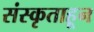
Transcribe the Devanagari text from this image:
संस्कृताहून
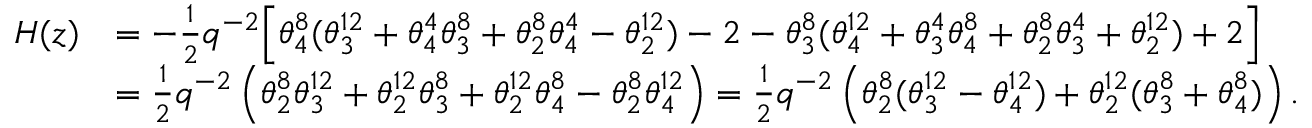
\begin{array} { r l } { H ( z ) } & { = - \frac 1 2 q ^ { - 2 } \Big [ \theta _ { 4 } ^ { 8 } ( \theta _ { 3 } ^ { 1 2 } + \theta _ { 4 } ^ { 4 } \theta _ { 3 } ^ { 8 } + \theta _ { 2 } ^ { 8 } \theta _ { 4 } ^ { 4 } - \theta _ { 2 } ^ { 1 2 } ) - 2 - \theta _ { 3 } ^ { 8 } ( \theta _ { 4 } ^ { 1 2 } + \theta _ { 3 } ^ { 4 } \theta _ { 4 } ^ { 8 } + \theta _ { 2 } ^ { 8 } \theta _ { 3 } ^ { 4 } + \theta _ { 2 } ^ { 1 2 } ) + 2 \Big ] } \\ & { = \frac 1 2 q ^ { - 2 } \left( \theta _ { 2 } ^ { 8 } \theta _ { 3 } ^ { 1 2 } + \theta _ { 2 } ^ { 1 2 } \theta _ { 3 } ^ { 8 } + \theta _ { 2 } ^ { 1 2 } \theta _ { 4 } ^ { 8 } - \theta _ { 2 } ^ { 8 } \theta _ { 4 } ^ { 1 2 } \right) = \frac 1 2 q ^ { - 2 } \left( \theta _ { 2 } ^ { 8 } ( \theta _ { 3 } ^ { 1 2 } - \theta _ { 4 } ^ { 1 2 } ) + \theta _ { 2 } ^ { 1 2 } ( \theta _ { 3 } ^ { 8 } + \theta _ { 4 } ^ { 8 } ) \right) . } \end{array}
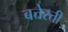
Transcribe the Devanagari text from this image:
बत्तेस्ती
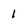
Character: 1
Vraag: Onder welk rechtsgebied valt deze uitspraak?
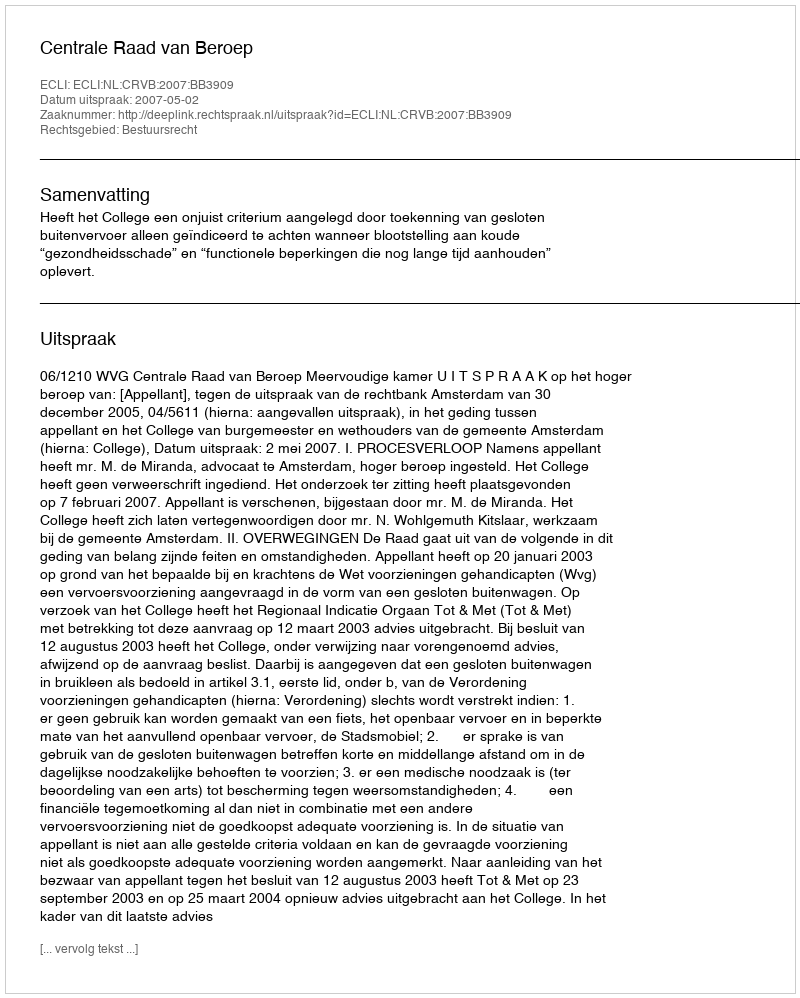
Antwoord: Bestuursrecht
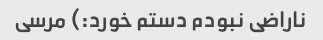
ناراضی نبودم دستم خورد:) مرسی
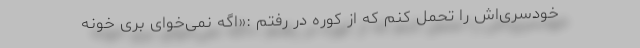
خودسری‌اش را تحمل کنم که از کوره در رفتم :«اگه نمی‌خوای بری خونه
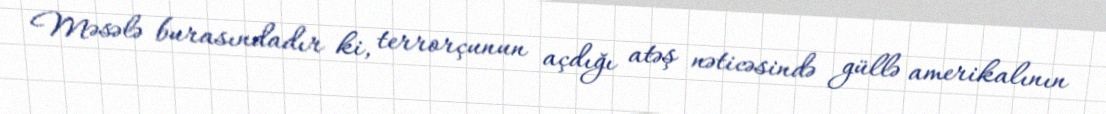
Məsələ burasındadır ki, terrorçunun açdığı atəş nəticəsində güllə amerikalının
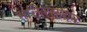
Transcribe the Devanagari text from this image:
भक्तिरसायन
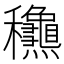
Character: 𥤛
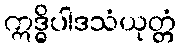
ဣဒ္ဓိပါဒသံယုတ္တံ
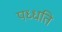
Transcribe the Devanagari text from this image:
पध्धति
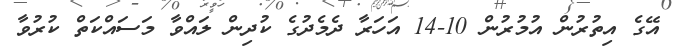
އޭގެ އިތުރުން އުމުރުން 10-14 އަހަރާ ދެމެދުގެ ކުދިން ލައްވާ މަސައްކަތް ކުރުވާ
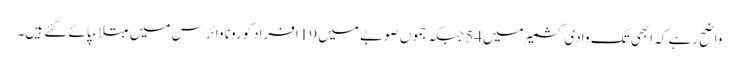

* * *

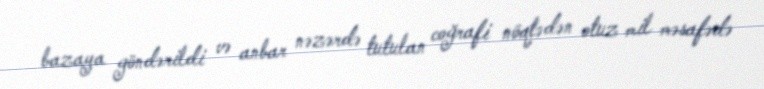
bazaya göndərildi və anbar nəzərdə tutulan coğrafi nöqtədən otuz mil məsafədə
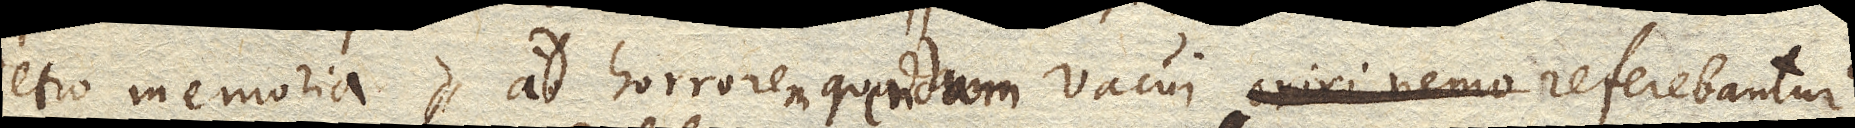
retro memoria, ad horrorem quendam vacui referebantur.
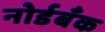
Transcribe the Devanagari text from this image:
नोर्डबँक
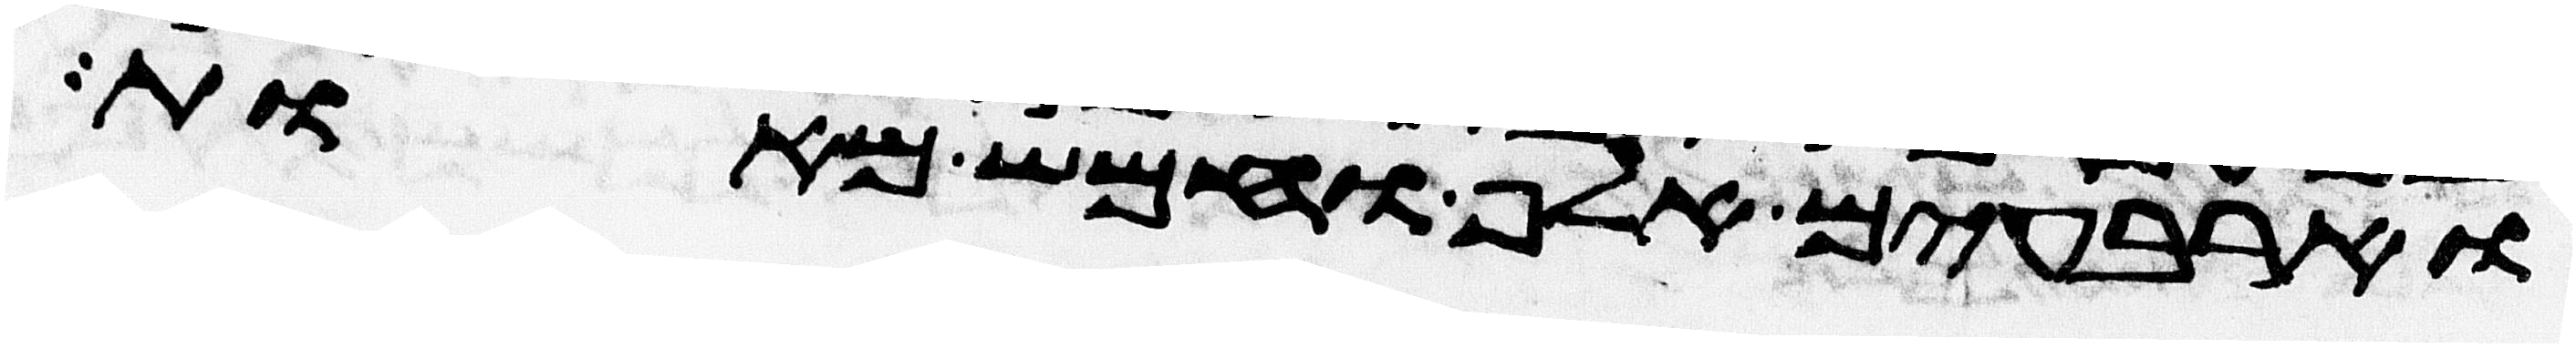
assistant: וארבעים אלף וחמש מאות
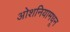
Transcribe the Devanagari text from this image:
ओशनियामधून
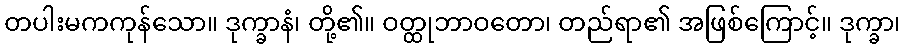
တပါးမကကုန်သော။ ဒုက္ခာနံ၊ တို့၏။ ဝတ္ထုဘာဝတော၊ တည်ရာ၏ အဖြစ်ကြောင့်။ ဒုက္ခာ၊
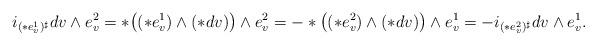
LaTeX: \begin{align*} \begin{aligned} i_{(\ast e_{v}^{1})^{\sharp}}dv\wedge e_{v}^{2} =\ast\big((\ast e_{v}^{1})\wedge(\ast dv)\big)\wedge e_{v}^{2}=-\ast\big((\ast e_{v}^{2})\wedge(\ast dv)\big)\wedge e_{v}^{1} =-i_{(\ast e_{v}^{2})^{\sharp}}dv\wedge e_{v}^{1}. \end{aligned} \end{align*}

...

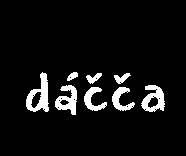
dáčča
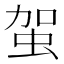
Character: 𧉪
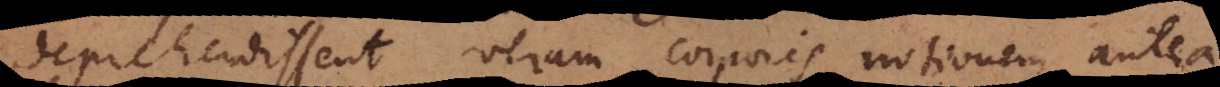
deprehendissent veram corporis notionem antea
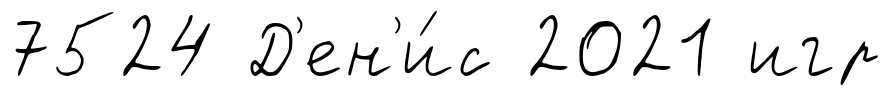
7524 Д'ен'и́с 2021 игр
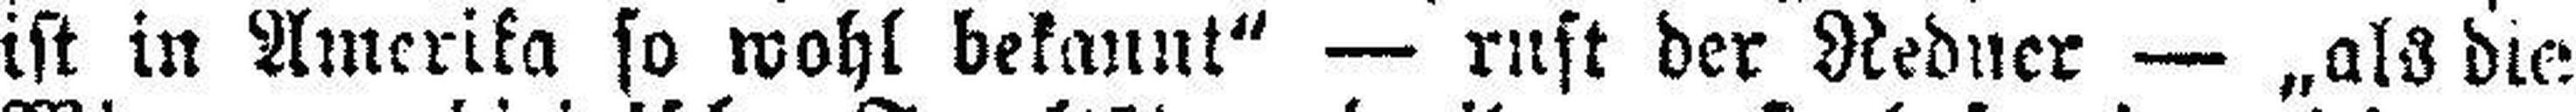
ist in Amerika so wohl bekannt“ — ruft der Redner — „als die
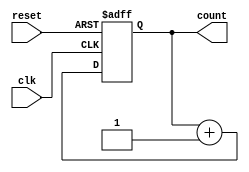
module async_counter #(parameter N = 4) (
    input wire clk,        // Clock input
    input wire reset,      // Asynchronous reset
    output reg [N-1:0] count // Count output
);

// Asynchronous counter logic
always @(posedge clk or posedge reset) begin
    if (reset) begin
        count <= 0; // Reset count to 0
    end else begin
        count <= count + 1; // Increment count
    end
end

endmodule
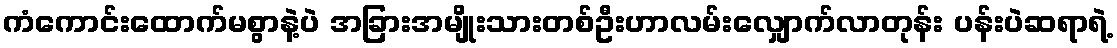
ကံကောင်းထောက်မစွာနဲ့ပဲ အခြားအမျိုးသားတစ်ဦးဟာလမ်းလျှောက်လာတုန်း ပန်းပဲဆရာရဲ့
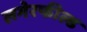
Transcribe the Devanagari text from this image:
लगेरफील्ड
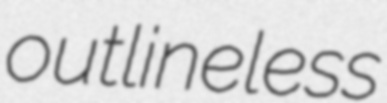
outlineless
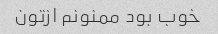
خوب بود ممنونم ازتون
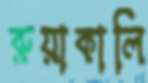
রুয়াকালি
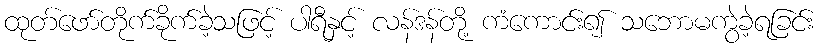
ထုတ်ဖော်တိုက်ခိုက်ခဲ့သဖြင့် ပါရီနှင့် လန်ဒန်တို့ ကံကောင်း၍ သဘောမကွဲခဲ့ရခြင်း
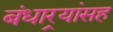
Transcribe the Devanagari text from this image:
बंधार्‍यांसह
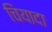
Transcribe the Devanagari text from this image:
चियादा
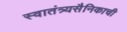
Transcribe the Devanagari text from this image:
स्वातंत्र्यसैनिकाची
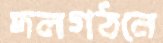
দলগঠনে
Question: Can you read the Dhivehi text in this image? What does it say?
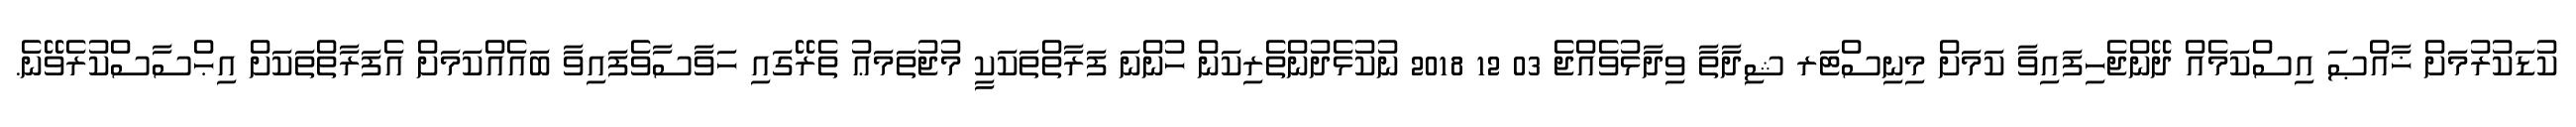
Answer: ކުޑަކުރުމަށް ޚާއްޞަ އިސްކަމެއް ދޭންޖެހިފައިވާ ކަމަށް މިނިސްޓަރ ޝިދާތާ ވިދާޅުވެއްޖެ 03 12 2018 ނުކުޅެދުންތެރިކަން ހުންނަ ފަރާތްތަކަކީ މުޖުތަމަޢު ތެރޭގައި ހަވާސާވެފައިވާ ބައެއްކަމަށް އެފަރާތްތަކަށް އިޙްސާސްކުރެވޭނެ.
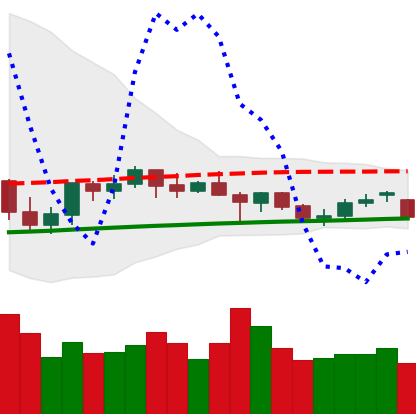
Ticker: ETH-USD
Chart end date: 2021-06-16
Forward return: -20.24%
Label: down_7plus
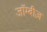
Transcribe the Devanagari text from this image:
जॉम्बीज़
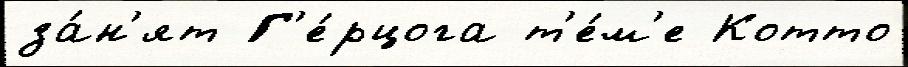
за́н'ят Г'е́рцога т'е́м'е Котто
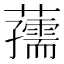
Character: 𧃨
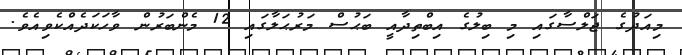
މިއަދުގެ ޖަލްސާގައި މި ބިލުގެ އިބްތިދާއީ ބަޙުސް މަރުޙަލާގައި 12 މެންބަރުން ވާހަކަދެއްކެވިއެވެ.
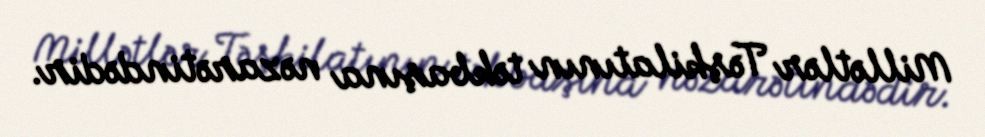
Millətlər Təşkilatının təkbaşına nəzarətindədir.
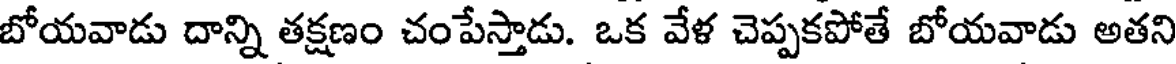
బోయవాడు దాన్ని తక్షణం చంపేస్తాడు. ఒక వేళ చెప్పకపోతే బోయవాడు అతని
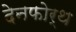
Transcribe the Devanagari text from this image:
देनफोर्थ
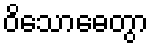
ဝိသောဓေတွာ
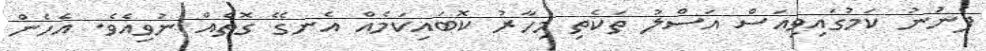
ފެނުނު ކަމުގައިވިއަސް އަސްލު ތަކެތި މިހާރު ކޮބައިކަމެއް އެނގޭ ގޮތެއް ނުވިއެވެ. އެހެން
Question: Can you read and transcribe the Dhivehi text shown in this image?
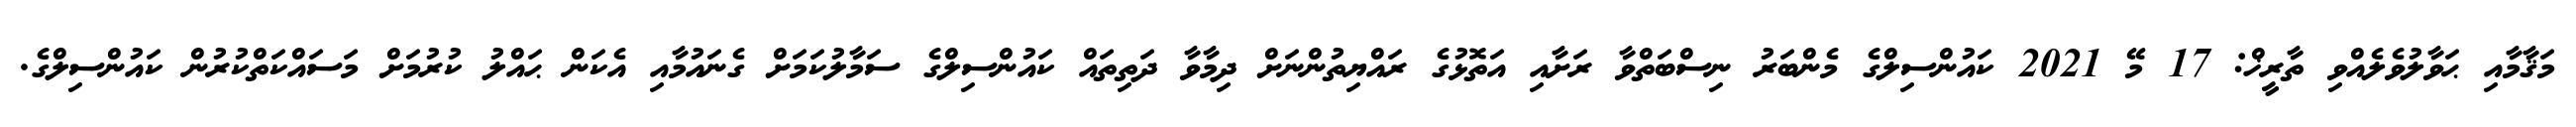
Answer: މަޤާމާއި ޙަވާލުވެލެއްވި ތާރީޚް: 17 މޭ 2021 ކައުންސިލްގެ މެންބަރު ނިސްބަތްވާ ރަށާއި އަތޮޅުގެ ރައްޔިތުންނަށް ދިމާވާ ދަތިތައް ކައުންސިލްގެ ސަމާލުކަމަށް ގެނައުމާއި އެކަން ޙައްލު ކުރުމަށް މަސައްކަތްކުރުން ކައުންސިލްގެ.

(Work to complete) Please go through the data above and copy each line containing the word "read".

(Task output)
Question: Can you read the Dhivehi text in this image? What does it say?
Question: Can you read and transcribe the Dhivehi text shown in this image?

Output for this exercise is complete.